### Supplied material ###

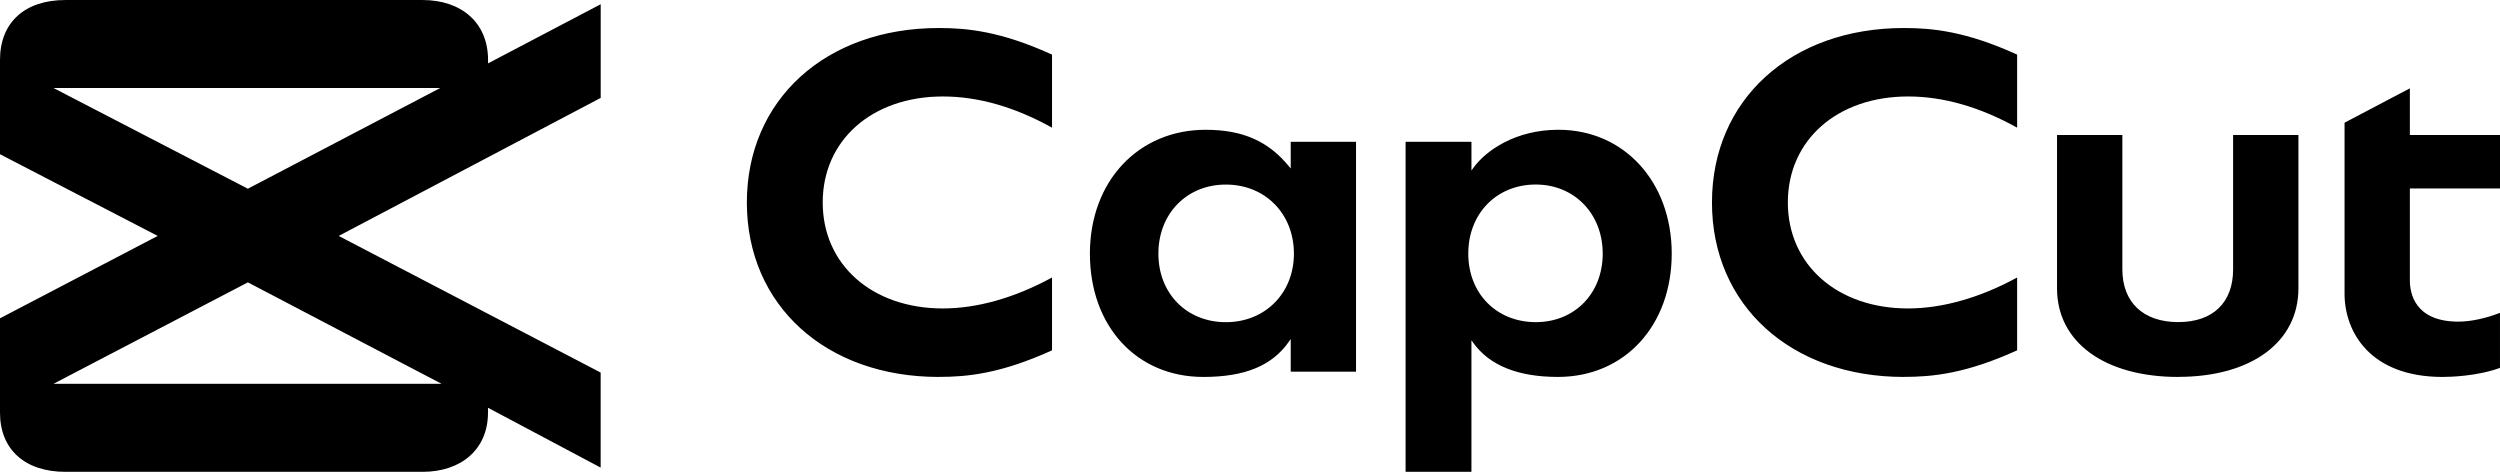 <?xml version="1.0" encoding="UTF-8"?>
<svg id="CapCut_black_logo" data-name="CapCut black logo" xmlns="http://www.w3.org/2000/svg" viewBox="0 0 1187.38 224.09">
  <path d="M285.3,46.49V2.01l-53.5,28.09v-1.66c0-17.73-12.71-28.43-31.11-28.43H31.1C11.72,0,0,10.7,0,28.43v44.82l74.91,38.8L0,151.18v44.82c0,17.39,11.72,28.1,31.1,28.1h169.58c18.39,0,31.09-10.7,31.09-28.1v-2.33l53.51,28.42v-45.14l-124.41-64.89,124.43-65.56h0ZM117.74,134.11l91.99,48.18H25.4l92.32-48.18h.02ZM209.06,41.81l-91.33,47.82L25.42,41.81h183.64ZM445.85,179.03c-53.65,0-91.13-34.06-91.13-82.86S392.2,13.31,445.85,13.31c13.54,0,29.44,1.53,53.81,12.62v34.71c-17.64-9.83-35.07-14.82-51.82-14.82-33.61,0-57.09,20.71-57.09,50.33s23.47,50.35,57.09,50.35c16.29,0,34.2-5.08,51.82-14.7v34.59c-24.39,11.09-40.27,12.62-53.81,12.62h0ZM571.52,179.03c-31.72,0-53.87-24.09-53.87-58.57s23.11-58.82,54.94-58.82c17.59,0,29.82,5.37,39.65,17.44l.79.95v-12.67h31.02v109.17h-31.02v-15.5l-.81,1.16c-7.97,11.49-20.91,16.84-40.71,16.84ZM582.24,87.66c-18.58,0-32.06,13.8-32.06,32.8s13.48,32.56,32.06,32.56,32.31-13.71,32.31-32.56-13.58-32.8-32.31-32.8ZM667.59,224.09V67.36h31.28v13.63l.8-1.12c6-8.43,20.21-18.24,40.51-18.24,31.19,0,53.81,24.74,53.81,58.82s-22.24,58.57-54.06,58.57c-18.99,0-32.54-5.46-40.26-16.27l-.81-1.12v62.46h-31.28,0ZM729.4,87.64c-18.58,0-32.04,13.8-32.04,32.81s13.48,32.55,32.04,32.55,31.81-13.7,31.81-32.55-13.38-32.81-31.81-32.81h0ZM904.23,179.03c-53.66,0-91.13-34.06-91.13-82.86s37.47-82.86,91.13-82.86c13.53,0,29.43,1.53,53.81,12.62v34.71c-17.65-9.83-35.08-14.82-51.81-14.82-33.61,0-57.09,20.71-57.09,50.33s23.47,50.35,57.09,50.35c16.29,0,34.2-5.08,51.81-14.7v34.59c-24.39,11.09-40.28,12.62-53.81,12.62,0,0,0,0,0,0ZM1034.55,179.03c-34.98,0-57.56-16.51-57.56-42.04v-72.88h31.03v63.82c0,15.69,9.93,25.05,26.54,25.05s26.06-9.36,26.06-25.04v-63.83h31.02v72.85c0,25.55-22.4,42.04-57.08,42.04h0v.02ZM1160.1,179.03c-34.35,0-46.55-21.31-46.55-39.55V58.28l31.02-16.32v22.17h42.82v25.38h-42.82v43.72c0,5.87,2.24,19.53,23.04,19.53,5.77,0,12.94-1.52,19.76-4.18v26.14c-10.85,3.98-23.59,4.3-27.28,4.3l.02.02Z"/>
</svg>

###
### Supplied material ###

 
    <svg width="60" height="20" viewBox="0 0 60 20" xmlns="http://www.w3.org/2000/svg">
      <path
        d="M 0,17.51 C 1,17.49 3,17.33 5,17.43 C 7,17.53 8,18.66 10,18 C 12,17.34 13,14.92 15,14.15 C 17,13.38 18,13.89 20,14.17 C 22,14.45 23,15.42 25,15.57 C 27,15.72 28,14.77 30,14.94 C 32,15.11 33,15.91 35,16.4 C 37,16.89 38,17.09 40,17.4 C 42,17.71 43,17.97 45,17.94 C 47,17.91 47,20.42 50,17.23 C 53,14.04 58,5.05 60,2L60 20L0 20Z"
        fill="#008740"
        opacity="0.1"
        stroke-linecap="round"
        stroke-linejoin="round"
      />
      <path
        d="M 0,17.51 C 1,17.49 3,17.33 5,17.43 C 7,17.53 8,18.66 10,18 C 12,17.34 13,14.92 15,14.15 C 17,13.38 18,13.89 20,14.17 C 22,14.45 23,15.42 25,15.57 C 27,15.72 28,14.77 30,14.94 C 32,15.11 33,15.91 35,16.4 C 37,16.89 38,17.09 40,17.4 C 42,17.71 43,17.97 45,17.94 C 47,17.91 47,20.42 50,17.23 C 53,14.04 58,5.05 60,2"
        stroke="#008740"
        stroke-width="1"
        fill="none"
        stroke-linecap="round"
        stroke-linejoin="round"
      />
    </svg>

###

State the number of lines in the records that contain the string "width", and nothing more.

2